Our next task is to produce the initial estimate for the database size on disk. The key information to remember here is that the fact table stores 90% of the data in the data warehouse. Thus, we should start by estimating the size in bytes of a fact table row, and multiplying that number by the estimated number of rows. The second largest storage consumer is the fact table index. We also need to include in our estimates the storage space for ETL staging tables, ETL audit tables, access monitoring tables and security tables.
A B-Tree (see Figure 1) is a tree data structure that keeps the data sorted in a way that enables searches, sequential access, insertions and deletions in logarithmic time. As shown in Figure 1, the data values 7 and 16 stored in the parent node are sorted in an ascending order. Between these two values, we have a pointer to a child node that contains values larger than 7 and smaller than 16. In addition, to the left of 7 we have a pointer to a node that stores data values smaller than 7. Similarly, to the right of 16 we have a pointer to a child node with data values larger than 16. All children nodes can be sub-trees that recursively follow the same rules. In a B-Tree, every data value occurs in a single node. In a B-Tree used for database indexing, every data value is accompanied by a list of row IDs that have that value on the column that is being indexed. B-Tree indexes work best for table columns with many different data values.
Figure 1 Example of a B-tree (Wikimedia Commons)
The next common database index type is the clustered index. This index sorts and stores the table’s rows based on the values of their keys. The default index for a table’s primary key is a clustered index, and there can be only one clustered index per table. These indexes also work best for columns with many different data values.
In contrast with the B-Tree and the clustered index, the bitmap index works best for columns with few different data values. The bitmapped index for a column whose cardinality is n consists of n strings of bits – one string for each data value. Such a bit string has one bit for each row in the table. In the bit string associated with the data value v, the bit for a particular is set to 1 if and only if that row contains value v. All the other bits of that bit string are set to 0.
Example: Assume that we have a table with 5 rows, and we want to index its gender column that has 3 possible values: “M”, “F”, and “?” Assume also that the values in the gender column for the 5 rows are, in order, “M”, “F”, “?”, “F”, and “F”. The best index type for this low-cardinality column is a bitmapped index. Our index consists of 3 strings of bits (one string for each data value), each having 5 bits (one bit for each row). The string for “M” is 10000, the string for “F” is 01011, and the string for “?” is 00100.

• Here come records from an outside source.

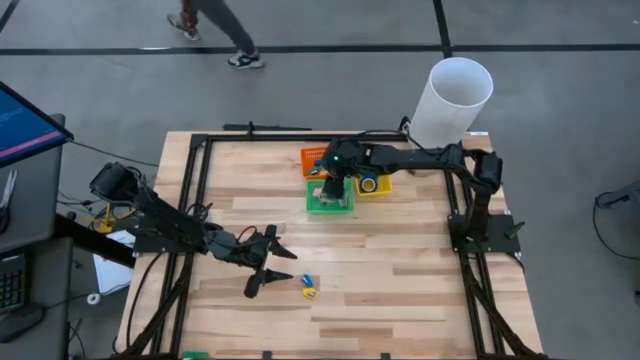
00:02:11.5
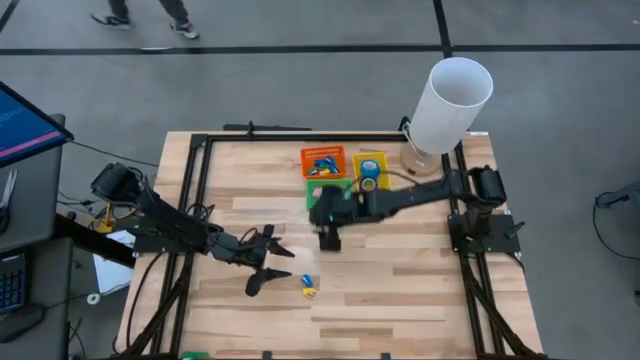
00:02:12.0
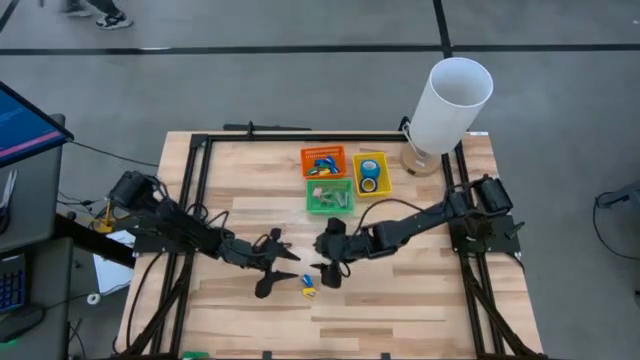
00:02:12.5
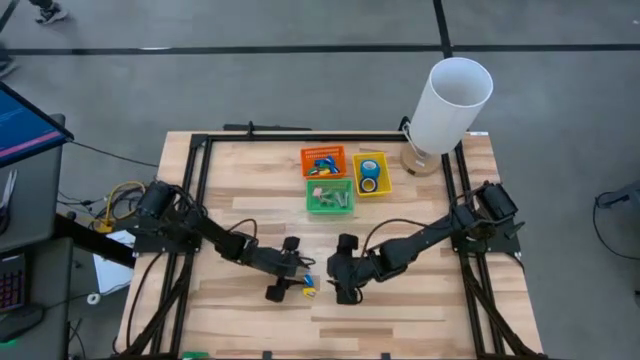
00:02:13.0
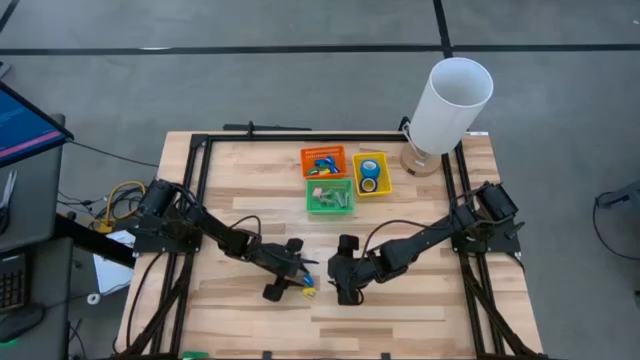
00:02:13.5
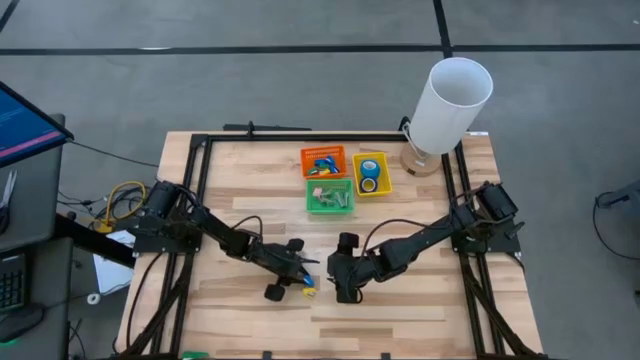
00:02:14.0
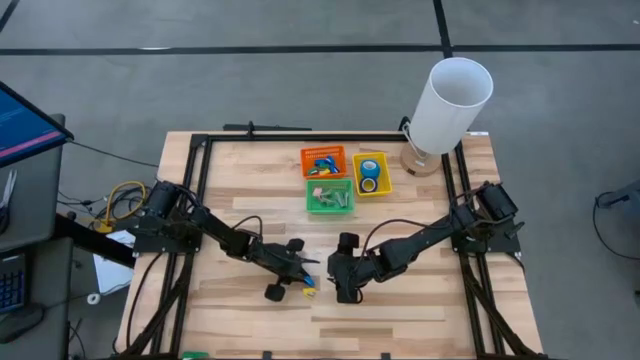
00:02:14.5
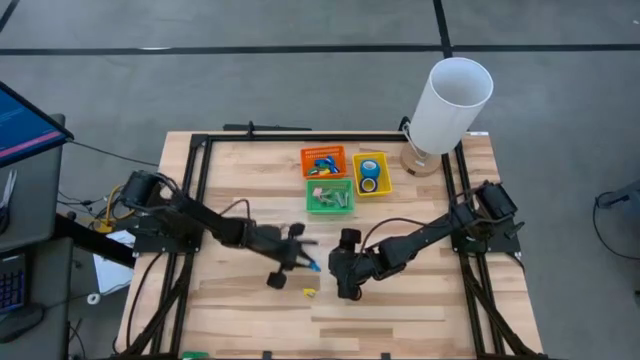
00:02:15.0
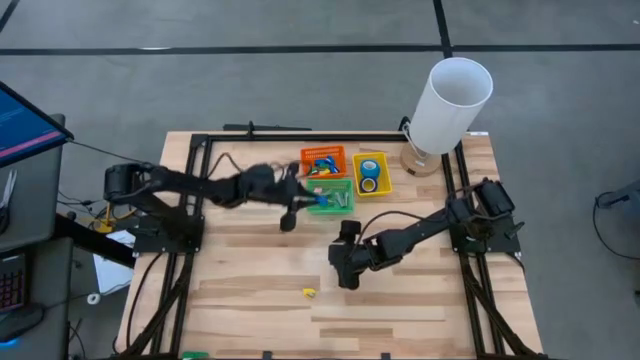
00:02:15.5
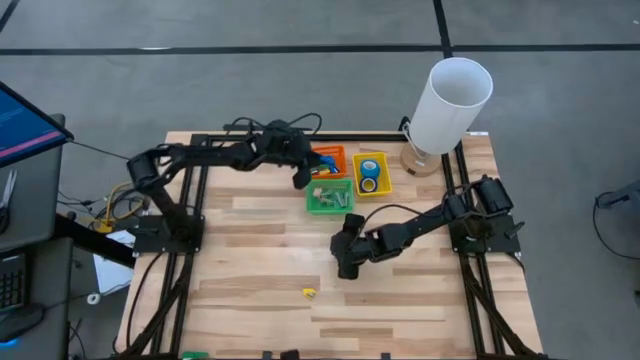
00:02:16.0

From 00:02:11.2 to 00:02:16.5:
Task: Pick and place Stapler, Stapler remover, tape
Put the blue stapler into the orange bin

Aggregations The factor with the largest influence on the performance of a large data warehouses are the aggregate or summary records that must coexist with the atomic grain facts. A typical DW/BI system has multiple sets of aggregations, one for each grouping levels within the key dimensions. These aggregations can be built in several alternative ways.
• Store them in separate tables, each being are populated by executing a SQL query that performs a GROUP BY. This is the simplest solution.
• Store them in the materialized views offered by Oracle DB systems. A materialized view is a view that physically stores its result set, thus enabling indexing, partitioning, and controlled access.
• Use the aggregation management and capabilities of an OLAP engine. They are very robust and similar to the previous two solutions, but offer less control over storage and indexing.